Während sich im westlichen Mopane-Buschland eher die Elefantenmütter mit ihren Jungen aufhalten, sind im östlichen Teil einige imposante alte Elefantenbullen zu Hause. Sie genießen die Abkühlung im Khwai-Fluss und lassen sich beim Trinken und Baden gut beobachten. Außerdem gibt es viele Flusspferde und große Krokodile im Khwai. Leopard, Gepard, Serval und Löwe streifen umher, und sowohl in der Khwai-Gegend als auch Xakanaxa halten sich Afrikanische Wildhunde auf. Daneben sind hier auch Giraffen, Zebras, Tsessebes (Leierantilopen) und Red-Lechwe-Antilopen zu finden. Übernachtung im Zeltcamp im Moremi-Reservat.

11.–12. Tag: Safari im Moremi-Reservat 2×(F/M/A)

Das Moremi-Reservat liegt am Ostrand des Okavango-Deltas. Hier gibt es weite Flussauen, Schwemmland, Lagunen, von Papyrusgras gesäumte Kanäle, riesige Elefantengras- und Schilfflächen, Waldgebiete und Savannen. Durch die unterschiedlichen Lebensräume ist die Vielfalt an Tier- und Vogelarten besonders groß. Sie erkunden auf Ihren Pirschfahrten die Waldgebiete Xakanaxas, Mopanewälder und das Mopane-Buschland sowie die Region San-ta-Wani mit einzelnen, rasch vergänglichen Wasserflächen, großen Schwemmebenen und Kameldorn-Akazien. Ein Teil der Route führt durch das Moremi-Reservat, ein zweiter Teil durch angrenzende Schutzgebiete, die direkt mit dem Wildreservat verbunden sind. Vogel-Fans dürfen sich auf gute Möglichkeiten zur Raubvogel-Beobachtung freuen, aber auch auf Hornbill-, Kuckucks- und Witwenvogel-Arten. Bei einer Bootsfahrt lernen Sie die Region vom Wasser aus kennen – spannende Perspektiven und abwechslungsreiche Begegnungen inklusive. 2 Übernachtungen wie am Vortag.

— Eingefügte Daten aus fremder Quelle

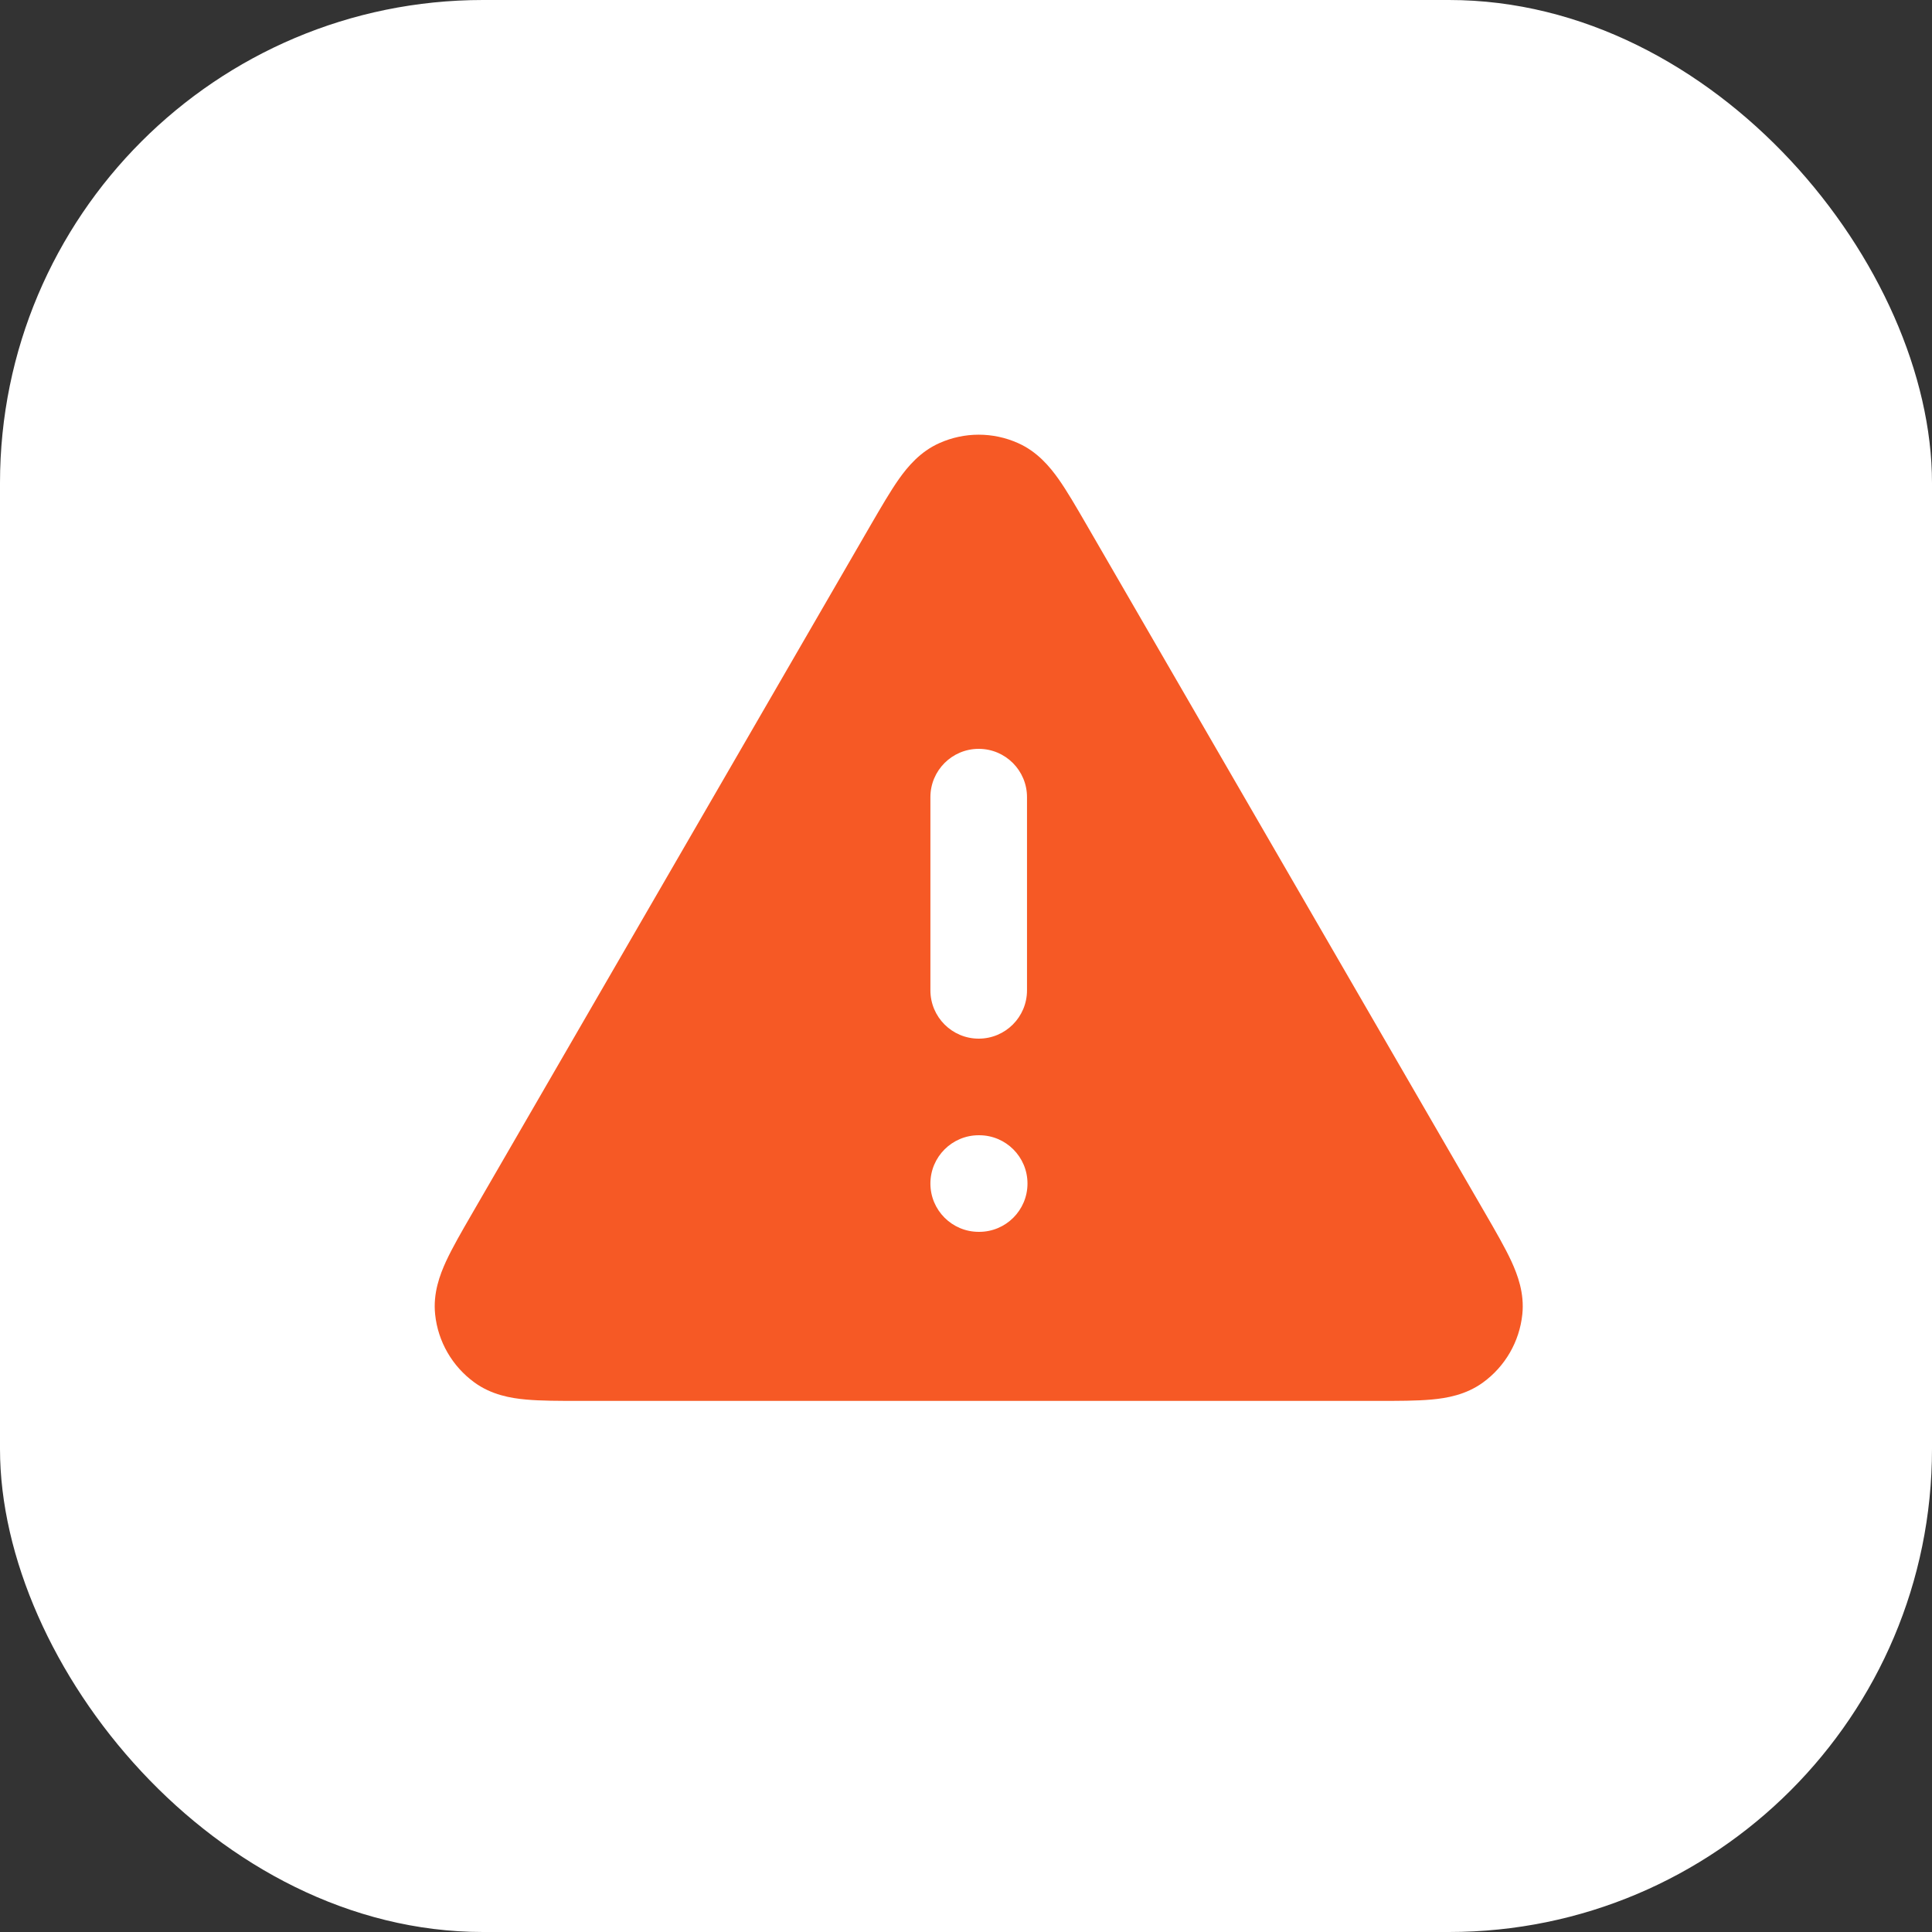 <svg width="40" height="40" viewBox="0 0 40 40" fill="none" xmlns="http://www.w3.org/2000/svg">
<rect x="0" y="0" width="40" height="40" fill="#333333" stroke="none"/>
<rect width="40" height="40" rx="10" fill="white"/>
<path fill-rule="evenodd" clip-rule="evenodd" d="M21.076 9.173C20.559 8.942 19.968 8.942 19.451 9.173C19.051 9.35 18.792 9.663 18.611 9.918C18.434 10.169 18.244 10.497 18.034 10.858L9.767 25.138C9.557 25.5 9.367 25.83 9.237 26.11C9.106 26.394 8.963 26.776 9.009 27.212C9.067 27.776 9.363 28.288 9.822 28.622C10.176 28.88 10.578 28.948 10.89 28.976C11.197 29.004 11.577 29.004 11.996 29.004H28.53C28.949 29.004 29.33 29.004 29.637 28.976C29.949 28.948 30.351 28.88 30.705 28.622C31.164 28.288 31.459 27.776 31.518 27.212C31.564 26.776 31.421 26.394 31.29 26.11C31.16 25.83 30.97 25.501 30.76 25.138L22.492 10.858C22.283 10.497 22.093 10.169 21.916 9.918C21.735 9.663 21.476 9.35 21.076 9.173ZM21.263 16.504C21.263 15.952 20.816 15.504 20.263 15.504C19.711 15.504 19.263 15.952 19.263 16.504V20.504C19.263 21.056 19.711 21.504 20.263 21.504C20.816 21.504 21.263 21.056 21.263 20.504V16.504ZM20.263 23.504C19.711 23.504 19.263 23.952 19.263 24.504C19.263 25.056 19.711 25.504 20.263 25.504H20.273C20.826 25.504 21.273 25.056 21.273 24.504C21.273 23.952 20.826 23.504 20.273 23.504H20.263Z" fill="#F65925"/>
</svg>

13. Tag: Xakanaxa – Maun (F)

Nach einem zeitigen Frühstück beginnen Sie Ihre Fahrt (ca. 4 Std.) vom Moremi-Reservat nach Maun, wo Sie mittags ankommen werden. Anschließend Heimreise über Johannesburg zurück nach Deutschland.

14. Tag: 28.04.18 Ankunft

Ankunft in Deutschland.

Höhepunkte:

  • DIAMIR-Fotoreiseleitung durch Sandra Petrowitz
  • Drei spektakuläre Safari-Regionen in einer Tour
  • Kleine Gruppe, großes Erlebnis: 6 Teilnehmer
  • Tipps und Tricks zur Naturfotografie, Bildbesprechungen und individuelle Unterstützung durch den Fotoreiseleiter
  • Maximale Beobachtungszeit durch Standorte für mehrere Tage
  • Exklusive, naturnahe Zeltcamps in Nationalparks und Reservaten
  • Einführender Fotoworkshop vor Beginn der Safari - optimal vorbereitet auf Fotopirsch gehen
  • Bootsfahrten auf dem Chobe River
  • Chobe-Nationalpark: Unterwegs im Land der Löwen und Elefanten
  • Nachtpirschfahrten und Mokoro-Tour im Vogel- und Tierparadies Khwai
  • Xakanaxa: Bootstour und Pirschfahrt im Moremi-Wildtierreservat

Anforderungen:

Für diese Tour sind keine besonderen körperlichen Voraussetzungen erforderlich. Bitte bringen Sie Flexibilität und Teamgeist sowie Toleranz und Interesse für andere Kulturen mit.

Zusatzinformationen:

Ihre Fotoreiseleiterin
Sandra Petrowitz hat drei ihrer Leidenschaften zum Beruf gemacht: Schreiben, Fotografieren und Reisen. Ihre Themen sucht und findet die Journalistin am liebsten in der Natur und beim Erkunden ferner Länder – vom Himalaya bis Patagonien und von der Sahara bis Neuseeland. Sandra gehört dem Herausgeber-Team des Foto-Letters „fotoespresso“ an; ihr Buch zum Thema Reisefotografie ist 2012 erschienen. Als Fotoreiseleiterin war sie bereits in der Antarktis und Arktis sowie in Jordanien, Sambia und Botswana im Einsatz. Die fantastische Natur und das magische Licht der hohen Breitengrade haben es ihr besonders angetan: Sandra ist regelmäßig auch als Guide auf Expeditions-Kreuzfahrtschiffen in den Polarregionen unterwegs. www.sandra-petrowitz.de

Hinweise:

Routen und Programmpunkte werden ggf. vor Ort den Gegebenheiten angepasst.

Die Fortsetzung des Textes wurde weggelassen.